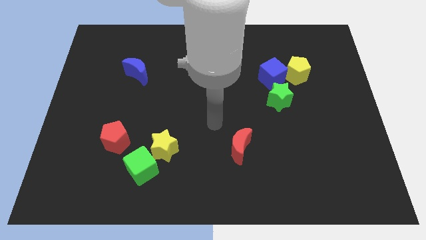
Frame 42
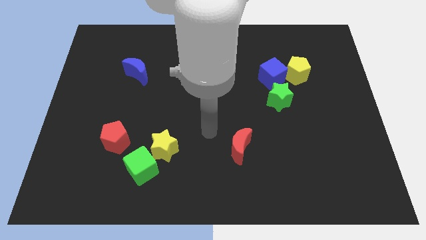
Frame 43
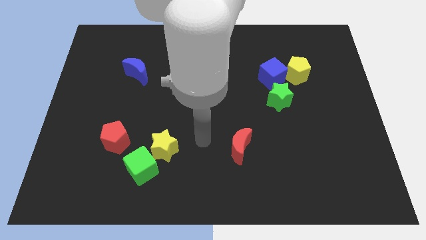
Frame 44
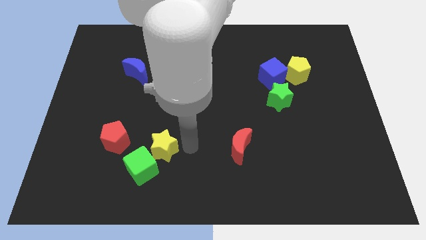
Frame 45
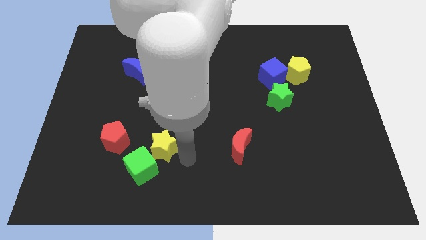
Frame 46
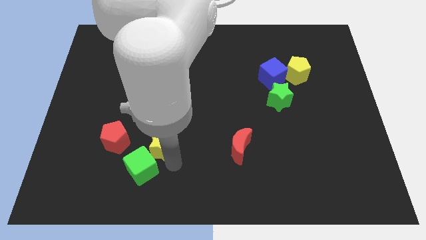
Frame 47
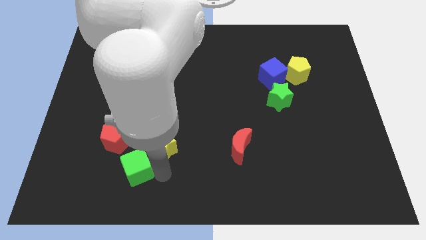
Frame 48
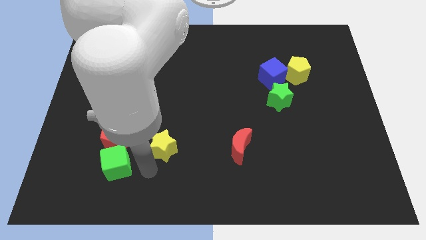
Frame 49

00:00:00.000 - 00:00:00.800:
pull the yellow star apart from the green cube

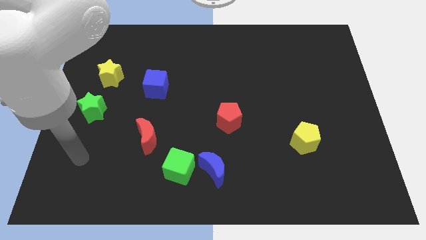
*****
• PROBLEM DETAILS: Go through the records and copy each line with "Frame" in it.

• OUTPUT:
Frame 42
Frame 43
Frame 44
Frame 45
Frame 46
Frame 47
Frame 48
Frame 49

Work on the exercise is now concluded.